Very cool shooter. Really nicely done!


----------



## Kottonmouth (Dec 10, 2019)

SLINGDUDE said:


> Very cool shooter. Really nicely done!


----------



## Kottonmouth (Dec 10, 2019)

Thanks bro


----------



## Covert5 (Feb 7, 2018)

Cool design! You can attach office rubber to it and have him shoot nerf rival ammo. You can maybe even paint the nerf rival ammo and make them poke balls!

Sling-On!


----------



## Kottonmouth (Dec 10, 2019)

Covert5 said:


> Cool design! You can attach office rubber to it and have him shoot nerf rival ammo. You can maybe even paint the nerf rival ammo and make them poke balls!
> 
> Sling-On!


----------



## Kottonmouth (Dec 10, 2019)

Thanks so much for the great idea covert5. Will be picking up rival ammo this evening. What exactly do you mean office rubber? I'm new to homemade slingshots lol.


----------



## MakoPat (Mar 12, 2018)

Oh my! That is awesome work.


----------



## Covert5 (Feb 7, 2018)

Kottonmouth said:


> Thanks so much for the great idea covert5. Will be picking up rival ammo this evening. What exactly do you mean office rubber? I'm new to homemade slingshots lol.


Long office rubber bands so they won't be too strong. You want a light set up for your Lil poke master. I don't normally shoot office rubber bands, but there are guys here that do and use them for tiny bbs. They will chime in and give you more ideas on light set ups.


----------



## Joey Jfive Lujan (Jan 19, 2015)

Kottonmouth said:


> A bit rushed but I'm proud of the way it turned out. All critiques welcome.
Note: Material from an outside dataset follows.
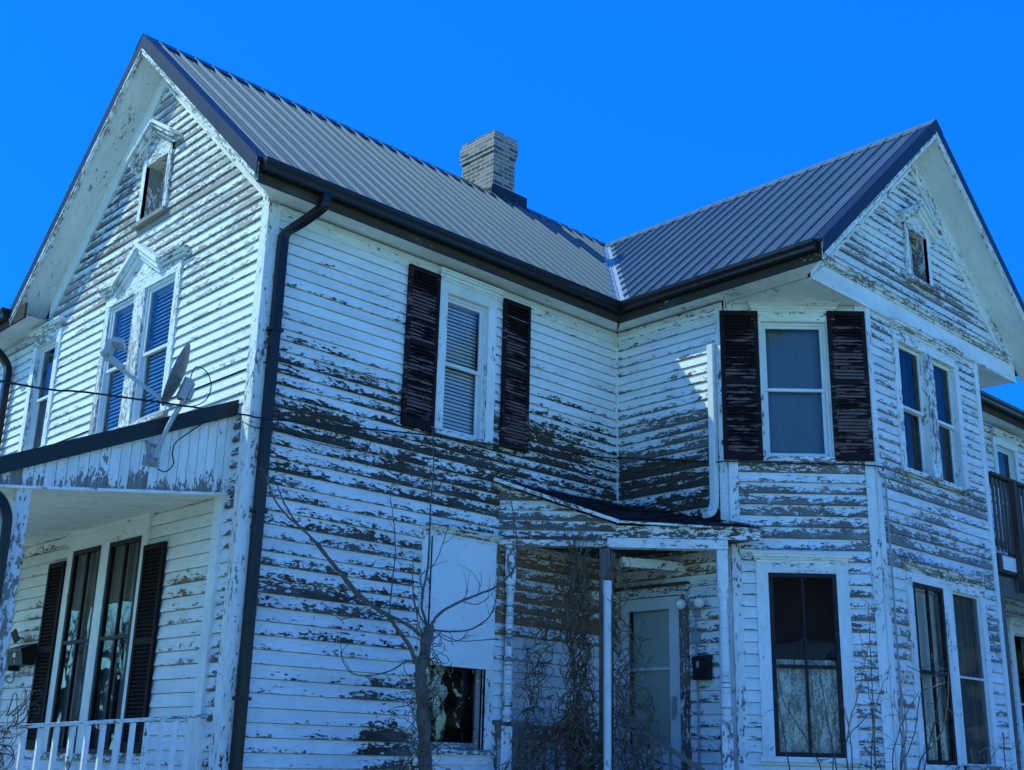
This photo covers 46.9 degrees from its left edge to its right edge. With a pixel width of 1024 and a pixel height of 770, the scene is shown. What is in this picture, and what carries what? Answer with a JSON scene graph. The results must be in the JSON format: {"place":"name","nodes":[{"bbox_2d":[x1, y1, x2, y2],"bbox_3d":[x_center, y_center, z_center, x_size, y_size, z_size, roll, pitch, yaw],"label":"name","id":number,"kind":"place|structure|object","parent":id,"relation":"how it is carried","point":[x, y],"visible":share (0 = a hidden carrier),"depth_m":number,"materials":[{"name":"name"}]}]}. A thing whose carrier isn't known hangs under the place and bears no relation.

I like that ! Nice work man

Sent from my SM-G955U using Tapatalk


----------



## SJAaz (Apr 30, 2019)

Covert5 said:


> Kottonmouth said:
> 
> 
> > Thanks so much for the great idea covert5. Will be picking up rival ammo this evening. What exactly do you mean office rubber? I'm new to homemade slingshots lol.
> ...


Go to office max or somewhere, Look for #64 or 117Bs. can be cut to suit the little guys needs.


----------